More details about SAGE TMT data processing can be found in [DDA - TMT](./dda-tmt) tutorial section.


In [29]:
base_dir = "https://raw.githubusercontent.com/bertis-informatics/msmu/refs/heads/dev/data/sage_tmt"
sage_idents = f"{base_dir}/sage/results.sage.tsv"
sage_quants = f"{base_dir}/sage/tmt.tsv"
meta = f"{base_dir}/meta.csv"

ptm_mdata = mm.read_sage(identification_file=sage_idents, quantification_file=sage_quants, label="tmt")
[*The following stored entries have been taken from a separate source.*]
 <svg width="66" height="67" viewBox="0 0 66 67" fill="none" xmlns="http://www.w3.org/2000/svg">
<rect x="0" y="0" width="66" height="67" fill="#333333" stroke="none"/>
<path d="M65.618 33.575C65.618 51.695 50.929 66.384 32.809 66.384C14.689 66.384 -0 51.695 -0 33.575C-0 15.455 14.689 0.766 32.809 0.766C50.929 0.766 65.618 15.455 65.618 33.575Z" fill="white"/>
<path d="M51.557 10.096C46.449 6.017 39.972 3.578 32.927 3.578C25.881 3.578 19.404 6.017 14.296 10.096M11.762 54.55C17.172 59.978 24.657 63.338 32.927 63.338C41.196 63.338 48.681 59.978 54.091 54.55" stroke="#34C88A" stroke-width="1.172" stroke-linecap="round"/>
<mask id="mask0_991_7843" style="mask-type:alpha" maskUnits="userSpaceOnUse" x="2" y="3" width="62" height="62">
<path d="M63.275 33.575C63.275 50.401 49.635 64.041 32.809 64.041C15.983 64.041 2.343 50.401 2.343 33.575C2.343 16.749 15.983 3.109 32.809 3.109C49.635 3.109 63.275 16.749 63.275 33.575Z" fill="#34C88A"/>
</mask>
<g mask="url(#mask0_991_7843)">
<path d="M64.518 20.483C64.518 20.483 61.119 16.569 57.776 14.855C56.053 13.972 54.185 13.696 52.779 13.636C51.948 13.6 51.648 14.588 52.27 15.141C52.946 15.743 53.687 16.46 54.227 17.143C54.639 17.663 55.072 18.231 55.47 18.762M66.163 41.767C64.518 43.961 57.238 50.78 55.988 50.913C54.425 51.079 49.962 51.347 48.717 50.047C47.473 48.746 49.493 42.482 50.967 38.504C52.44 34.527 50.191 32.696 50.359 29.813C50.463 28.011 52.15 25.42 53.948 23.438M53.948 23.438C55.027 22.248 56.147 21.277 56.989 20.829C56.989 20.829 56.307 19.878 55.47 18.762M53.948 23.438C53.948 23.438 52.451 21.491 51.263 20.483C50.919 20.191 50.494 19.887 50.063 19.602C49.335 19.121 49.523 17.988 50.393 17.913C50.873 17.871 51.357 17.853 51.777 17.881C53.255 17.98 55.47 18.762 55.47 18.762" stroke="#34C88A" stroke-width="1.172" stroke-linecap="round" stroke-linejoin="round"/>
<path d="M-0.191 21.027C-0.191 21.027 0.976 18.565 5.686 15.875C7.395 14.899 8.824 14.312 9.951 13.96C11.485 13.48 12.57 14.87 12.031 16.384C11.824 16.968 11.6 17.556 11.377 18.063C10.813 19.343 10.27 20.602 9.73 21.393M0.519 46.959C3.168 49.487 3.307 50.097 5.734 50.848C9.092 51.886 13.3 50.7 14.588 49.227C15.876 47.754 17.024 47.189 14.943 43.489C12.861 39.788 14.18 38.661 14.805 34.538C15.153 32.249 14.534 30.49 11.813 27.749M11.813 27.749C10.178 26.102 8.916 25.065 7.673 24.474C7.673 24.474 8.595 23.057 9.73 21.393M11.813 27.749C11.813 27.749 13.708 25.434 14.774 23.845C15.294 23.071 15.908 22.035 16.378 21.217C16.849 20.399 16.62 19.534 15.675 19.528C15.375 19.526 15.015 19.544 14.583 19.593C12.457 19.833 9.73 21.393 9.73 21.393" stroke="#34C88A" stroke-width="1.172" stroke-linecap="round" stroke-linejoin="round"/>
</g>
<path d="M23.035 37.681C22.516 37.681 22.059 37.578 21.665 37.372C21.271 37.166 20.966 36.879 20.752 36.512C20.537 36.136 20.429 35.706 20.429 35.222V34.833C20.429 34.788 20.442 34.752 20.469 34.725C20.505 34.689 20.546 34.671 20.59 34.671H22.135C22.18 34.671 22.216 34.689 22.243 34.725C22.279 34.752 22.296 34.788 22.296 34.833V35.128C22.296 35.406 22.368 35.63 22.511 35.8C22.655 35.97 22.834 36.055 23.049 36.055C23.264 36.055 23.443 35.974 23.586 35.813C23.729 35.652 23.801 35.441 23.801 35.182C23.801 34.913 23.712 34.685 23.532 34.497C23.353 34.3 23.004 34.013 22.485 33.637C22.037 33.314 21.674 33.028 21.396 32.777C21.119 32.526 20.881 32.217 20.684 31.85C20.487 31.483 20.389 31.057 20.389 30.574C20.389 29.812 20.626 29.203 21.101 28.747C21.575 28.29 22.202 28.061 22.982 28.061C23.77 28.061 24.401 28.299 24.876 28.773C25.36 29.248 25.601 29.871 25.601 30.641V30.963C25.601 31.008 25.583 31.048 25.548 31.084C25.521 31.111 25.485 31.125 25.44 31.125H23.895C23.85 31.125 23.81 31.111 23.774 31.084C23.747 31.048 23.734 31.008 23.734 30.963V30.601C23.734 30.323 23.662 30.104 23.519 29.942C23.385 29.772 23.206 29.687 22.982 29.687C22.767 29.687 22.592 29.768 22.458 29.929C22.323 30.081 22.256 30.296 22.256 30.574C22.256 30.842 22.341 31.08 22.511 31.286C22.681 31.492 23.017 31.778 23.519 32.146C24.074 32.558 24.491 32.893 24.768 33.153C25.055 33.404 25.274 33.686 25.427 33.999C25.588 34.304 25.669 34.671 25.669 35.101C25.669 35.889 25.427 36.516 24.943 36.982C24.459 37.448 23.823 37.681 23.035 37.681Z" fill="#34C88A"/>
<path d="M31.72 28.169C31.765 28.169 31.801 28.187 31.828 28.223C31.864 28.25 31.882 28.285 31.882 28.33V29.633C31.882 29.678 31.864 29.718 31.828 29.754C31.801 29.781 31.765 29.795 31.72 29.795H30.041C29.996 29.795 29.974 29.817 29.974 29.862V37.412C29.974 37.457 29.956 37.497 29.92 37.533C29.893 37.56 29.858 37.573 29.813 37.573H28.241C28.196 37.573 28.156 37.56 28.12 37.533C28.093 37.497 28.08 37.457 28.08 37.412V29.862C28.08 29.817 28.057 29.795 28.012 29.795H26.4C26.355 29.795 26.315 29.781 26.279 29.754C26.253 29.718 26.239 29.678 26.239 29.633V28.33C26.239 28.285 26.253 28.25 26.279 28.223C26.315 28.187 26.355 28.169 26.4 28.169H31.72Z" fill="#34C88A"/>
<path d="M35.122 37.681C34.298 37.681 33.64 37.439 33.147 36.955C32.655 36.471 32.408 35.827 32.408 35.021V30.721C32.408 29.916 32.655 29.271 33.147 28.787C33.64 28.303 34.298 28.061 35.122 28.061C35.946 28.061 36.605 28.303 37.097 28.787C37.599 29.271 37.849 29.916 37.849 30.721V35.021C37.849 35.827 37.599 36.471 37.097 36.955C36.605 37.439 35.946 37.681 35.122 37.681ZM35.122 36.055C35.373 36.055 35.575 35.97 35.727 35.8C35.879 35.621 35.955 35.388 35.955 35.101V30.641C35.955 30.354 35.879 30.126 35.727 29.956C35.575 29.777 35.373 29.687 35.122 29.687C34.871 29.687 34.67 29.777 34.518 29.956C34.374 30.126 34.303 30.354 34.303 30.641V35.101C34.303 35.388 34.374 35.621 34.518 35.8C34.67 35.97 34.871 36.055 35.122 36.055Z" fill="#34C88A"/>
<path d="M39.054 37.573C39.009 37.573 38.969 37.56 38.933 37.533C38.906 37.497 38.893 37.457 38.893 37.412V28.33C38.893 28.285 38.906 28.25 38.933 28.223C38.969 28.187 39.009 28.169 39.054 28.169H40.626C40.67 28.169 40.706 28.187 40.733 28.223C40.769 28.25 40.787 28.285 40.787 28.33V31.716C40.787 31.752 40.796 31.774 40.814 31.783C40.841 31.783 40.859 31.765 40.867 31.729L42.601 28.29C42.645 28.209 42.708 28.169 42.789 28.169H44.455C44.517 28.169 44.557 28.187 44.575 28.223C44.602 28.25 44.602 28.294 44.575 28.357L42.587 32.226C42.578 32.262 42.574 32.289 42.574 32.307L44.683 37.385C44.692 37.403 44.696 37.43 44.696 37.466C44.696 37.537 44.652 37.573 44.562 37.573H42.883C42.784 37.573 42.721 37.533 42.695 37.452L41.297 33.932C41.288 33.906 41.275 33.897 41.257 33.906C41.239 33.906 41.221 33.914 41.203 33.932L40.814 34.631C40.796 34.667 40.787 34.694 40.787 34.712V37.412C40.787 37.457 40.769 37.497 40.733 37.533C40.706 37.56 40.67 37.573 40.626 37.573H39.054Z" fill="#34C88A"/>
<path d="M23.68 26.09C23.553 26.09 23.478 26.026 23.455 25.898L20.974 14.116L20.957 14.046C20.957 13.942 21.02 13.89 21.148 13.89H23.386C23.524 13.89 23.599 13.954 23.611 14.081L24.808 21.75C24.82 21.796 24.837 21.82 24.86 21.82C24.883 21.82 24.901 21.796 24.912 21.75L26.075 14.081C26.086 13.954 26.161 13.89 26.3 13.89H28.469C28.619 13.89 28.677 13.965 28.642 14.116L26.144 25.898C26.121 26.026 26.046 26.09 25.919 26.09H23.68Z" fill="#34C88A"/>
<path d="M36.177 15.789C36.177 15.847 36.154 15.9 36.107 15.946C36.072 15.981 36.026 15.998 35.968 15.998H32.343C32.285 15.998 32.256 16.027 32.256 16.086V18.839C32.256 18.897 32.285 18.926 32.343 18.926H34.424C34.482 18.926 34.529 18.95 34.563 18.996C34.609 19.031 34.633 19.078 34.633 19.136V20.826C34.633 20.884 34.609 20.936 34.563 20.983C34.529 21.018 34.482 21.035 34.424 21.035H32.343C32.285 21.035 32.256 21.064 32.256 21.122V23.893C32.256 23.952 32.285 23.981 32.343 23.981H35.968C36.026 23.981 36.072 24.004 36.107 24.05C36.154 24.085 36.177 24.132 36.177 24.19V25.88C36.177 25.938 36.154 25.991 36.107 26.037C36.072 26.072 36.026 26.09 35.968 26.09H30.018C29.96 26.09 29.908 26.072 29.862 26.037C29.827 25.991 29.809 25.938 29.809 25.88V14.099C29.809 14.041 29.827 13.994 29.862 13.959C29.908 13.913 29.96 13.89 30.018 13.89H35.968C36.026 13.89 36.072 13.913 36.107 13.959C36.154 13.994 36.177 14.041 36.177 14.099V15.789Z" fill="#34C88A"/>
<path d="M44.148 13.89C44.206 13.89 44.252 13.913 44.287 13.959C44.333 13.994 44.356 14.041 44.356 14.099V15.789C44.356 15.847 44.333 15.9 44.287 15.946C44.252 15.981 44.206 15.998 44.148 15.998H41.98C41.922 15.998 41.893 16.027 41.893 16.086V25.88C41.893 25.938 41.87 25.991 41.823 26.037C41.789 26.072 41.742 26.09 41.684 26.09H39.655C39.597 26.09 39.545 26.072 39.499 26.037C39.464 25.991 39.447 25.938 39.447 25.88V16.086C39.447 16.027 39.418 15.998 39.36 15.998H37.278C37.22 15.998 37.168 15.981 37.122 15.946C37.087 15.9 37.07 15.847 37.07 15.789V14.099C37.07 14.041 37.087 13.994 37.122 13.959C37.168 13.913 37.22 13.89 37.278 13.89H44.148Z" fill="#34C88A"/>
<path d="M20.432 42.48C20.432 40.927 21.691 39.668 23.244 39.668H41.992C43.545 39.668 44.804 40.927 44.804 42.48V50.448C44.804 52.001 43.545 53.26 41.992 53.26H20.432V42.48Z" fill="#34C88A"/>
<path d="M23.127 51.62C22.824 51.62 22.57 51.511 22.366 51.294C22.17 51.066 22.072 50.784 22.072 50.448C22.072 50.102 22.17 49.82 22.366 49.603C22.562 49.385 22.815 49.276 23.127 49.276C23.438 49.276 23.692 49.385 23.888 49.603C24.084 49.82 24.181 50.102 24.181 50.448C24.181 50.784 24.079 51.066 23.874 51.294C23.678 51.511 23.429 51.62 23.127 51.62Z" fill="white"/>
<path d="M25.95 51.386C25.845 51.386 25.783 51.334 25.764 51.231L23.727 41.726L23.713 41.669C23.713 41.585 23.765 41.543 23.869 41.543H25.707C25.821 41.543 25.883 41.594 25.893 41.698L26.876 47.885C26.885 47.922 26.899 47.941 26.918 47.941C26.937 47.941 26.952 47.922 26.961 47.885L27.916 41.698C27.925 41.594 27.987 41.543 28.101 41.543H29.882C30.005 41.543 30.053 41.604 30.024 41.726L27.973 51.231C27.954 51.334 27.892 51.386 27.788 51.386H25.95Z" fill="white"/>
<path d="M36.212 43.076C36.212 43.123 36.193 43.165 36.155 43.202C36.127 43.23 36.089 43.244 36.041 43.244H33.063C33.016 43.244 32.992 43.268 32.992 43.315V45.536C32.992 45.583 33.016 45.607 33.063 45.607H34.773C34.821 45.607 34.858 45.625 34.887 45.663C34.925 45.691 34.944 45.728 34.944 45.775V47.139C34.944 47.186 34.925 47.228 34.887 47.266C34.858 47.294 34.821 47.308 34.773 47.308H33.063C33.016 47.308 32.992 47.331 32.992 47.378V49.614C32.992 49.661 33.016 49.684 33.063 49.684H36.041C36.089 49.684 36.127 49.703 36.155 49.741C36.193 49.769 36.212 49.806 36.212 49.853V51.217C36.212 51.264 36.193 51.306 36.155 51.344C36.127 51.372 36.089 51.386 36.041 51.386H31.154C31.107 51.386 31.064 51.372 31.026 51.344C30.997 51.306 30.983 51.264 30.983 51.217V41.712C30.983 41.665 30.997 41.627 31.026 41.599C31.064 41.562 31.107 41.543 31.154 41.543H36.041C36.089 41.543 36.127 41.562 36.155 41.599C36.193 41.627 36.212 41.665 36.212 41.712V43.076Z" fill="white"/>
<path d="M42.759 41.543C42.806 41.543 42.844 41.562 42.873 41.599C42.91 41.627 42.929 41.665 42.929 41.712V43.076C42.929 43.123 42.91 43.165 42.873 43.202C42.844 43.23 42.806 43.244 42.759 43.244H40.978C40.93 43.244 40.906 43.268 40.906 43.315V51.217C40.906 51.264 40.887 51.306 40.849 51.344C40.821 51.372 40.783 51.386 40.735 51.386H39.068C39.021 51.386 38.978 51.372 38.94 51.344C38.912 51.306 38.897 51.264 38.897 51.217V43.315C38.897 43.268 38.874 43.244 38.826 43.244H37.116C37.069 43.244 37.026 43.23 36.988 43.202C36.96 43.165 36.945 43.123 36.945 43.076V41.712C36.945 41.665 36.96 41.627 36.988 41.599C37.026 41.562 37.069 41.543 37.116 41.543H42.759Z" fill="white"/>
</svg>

meta_df = pd.read_csv("https://raw.githubusercontent.com/bertis-informatics/msmu/refs/heads/dev/data/sage_tmt/meta.csv")
meta_df = meta_df.set_index("tag")  # set the index to match sample id in ptm_mdata.obs

ptm_mdata.obs = ptm_mdata.obs.join(meta_df)
ptm_mdata.push_obs()  # update all modalities with the new obs data

ptm_mdata = mm.pp.add_filter(ptm_mdata, modality="psm", column="q_value", keep="lt", value=0.01)
ptm_mdata = mm.pp.add_filter(ptm_mdata, modality="psm", column="proteins", keep="not_contains", value="contam_")
ptm_mdata = mm.pp.apply_filter(ptm_mdata, modality="psm")

ptm_mdata = mm.pp.to_peptide(ptm_mdata)
ptm_mdata = mm.pp.log2_transform(ptm_mdata, modality="peptide")
ptm_mdata = mm.pp.normalise(ptm_mdata, modality="peptide", method="median")

ptm_mdata = mm.pp.add_filter(ptm_mdata, modality="peptide", column="q_value", keep="lt", value=0.01)
ptm_mdata = mm.pp.apply_filter(ptm_mdata, modality="peptide")

ptm_mdata

INFO - Identification file loaded: (5000, 40)
INFO - Quantification file loaded: (5000, 9)
INFO - Decoy entries separated: (1195, 13)
INFO - Peptide-level identifications: 2204 (2151 at 1% FDR)


Building new peptide quantification data.


### Global Protein Data Processing
For real data analysis, global protein data should be processed with other batch experiment for global protein quantification. Here, we will use the same SAGE TMT data for demonstration purpose.

In [30]:
global_mdata = ptm_mdata.copy()
global_mdata = mm.pp.infer_protein(global_mdata)
global_mdata = mm.pp.to_protein(global_mdata)
global_mdata = mm.pp.add_filter(global_mdata, modality="protein", column="q_value", keep="lt", value=0.01)
global_mdata = mm.pp.apply_filter(global_mdata, modality="protein")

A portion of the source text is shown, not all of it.